Return the data that follows exactly. Include every line.

Stored dataset items
┄┄┄┄┄┄┄┄┄┄
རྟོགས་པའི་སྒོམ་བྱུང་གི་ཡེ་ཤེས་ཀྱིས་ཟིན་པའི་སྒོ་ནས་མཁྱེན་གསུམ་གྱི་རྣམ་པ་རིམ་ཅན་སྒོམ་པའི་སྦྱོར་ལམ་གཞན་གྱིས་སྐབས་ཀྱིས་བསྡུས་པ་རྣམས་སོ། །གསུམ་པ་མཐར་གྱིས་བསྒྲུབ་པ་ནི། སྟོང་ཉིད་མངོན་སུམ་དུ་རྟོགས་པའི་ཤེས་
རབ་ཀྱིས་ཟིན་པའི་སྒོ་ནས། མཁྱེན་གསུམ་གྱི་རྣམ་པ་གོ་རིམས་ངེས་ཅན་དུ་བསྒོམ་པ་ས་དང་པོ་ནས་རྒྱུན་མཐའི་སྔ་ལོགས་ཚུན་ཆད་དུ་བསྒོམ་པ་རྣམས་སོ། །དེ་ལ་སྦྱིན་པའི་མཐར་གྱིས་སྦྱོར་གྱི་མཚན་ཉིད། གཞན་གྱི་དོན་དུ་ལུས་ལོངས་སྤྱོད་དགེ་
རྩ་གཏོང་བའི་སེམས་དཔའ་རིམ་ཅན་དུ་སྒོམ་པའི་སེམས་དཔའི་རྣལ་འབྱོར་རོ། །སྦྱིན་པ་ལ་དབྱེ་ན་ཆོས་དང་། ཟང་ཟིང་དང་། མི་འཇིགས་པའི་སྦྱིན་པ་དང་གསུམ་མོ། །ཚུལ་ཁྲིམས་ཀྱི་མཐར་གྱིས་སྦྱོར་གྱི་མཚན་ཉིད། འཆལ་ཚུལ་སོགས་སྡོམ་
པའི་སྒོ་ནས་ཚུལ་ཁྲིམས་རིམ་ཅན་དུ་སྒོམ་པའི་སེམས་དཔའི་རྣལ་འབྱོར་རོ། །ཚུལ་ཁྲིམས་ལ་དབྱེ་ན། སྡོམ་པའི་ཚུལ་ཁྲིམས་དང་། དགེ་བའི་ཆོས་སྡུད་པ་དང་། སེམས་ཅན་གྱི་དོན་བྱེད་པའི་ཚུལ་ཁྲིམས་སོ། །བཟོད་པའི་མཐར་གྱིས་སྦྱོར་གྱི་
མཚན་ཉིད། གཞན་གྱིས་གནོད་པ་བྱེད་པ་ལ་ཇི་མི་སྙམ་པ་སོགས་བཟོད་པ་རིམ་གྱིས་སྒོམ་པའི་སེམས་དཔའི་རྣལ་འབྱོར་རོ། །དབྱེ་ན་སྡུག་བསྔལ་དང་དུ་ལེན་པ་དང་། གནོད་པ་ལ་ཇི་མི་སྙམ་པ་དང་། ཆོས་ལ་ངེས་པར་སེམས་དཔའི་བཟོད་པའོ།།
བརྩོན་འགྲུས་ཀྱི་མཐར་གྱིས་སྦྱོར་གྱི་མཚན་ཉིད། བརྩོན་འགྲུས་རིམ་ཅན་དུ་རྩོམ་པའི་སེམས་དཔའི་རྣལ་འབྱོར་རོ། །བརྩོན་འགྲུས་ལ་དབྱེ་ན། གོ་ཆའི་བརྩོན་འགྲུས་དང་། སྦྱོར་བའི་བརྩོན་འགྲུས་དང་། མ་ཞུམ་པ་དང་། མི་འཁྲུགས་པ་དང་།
┄┄┄┄┄┄┄┄┄┄
--- Response below ---
རྟོགས་པའི་སྒོམ་བྱུང་གི་ཡེ་ཤེས་ཀྱིས་ཟིན་པའི་སྒོ་ནས་མཁྱེན་གསུམ་གྱི་རྣམ་པ་རིམ་ཅན་སྒོམ་པའི་སྦྱོར་ལམ་གཞན་གྱིས་སྐབས་ཀྱིས་བསྡུས་པ་རྣམས་སོ། །གསུམ་པ་མཐར་གྱིས་བསྒྲུབ་པ་ནི། སྟོང་ཉིད་མངོན་སུམ་དུ་རྟོགས་པའི་ཤེས་
རབ་ཀྱིས་ཟིན་པའི་སྒོ་ནས། མཁྱེན་གསུམ་གྱི་རྣམ་པ་གོ་རིམས་ངེས་ཅན་དུ་བསྒོམ་པ་ས་དང་པོ་ནས་རྒྱུན་མཐའི་སྔ་ལོགས་ཚུན་ཆད་དུ་བསྒོམ་པ་རྣམས་སོ། །དེ་ལ་སྦྱིན་པའི་མཐར་གྱིས་སྦྱོར་གྱི་མཚན་ཉིད། གཞན་གྱི་དོན་དུ་ལུས་ལོངས་སྤྱོད་དགེ་
རྩ་གཏོང་བའི་སེམས་དཔའ་རིམ་ཅན་དུ་སྒོམ་པའི་སེམས་དཔའི་རྣལ་འབྱོར་རོ། །སྦྱིན་པ་ལ་དབྱེ་ན་ཆོས་དང་། ཟང་ཟིང་དང་། མི་འཇིགས་པའི་སྦྱིན་པ་དང་གསུམ་མོ། །ཚུལ་ཁྲིམས་ཀྱི་མཐར་གྱིས་སྦྱོར་གྱི་མཚན་ཉིད། འཆལ་ཚུལ་སོགས་སྡོམ་
པའི་སྒོ་ནས་ཚུལ་ཁྲིམས་རིམ་ཅན་དུ་སྒོམ་པའི་སེམས་དཔའི་རྣལ་འབྱོར་རོ། །ཚུལ་ཁྲིམས་ལ་དབྱེ་ན། སྡོམ་པའི་ཚུལ་ཁྲིམས་དང་། དགེ་བའི་ཆོས་སྡུད་པ་དང་། སེམས་ཅན་གྱི་དོན་བྱེད་པའི་ཚུལ་ཁྲིམས་སོ། །བཟོད་པའི་མཐར་གྱིས་སྦྱོར་གྱི་
མཚན་ཉིད། གཞན་གྱིས་གནོད་པ་བྱེད་པ་ལ་ཇི་མི་སྙམ་པ་སོགས་བཟོད་པ་རིམ་གྱིས་སྒོམ་པའི་སེམས་དཔའི་རྣལ་འབྱོར་རོ། །དབྱེ་ན་སྡུག་བསྔལ་དང་དུ་ལེན་པ་དང་། གནོད་པ་ལ་ཇི་མི་སྙམ་པ་དང་། ཆོས་ལ་ངེས་པར་སེམས་དཔའི་བཟོད་པའོ།།
བརྩོན་འགྲུས་ཀྱི་མཐར་གྱིས་སྦྱོར་གྱི་མཚན་ཉིད། བརྩོན་འགྲུས་རིམ་ཅན་དུ་རྩོམ་པའི་སེམས་དཔའི་རྣལ་འབྱོར་རོ། །བརྩོན་འགྲུས་ལ་དབྱེ་ན། གོ་ཆའི་བརྩོན་འགྲུས་དང་། སྦྱོར་བའི་བརྩོན་འགྲུས་དང་། མ་ཞུམ་པ་དང་། མི་འཁྲུགས་པ་དང་།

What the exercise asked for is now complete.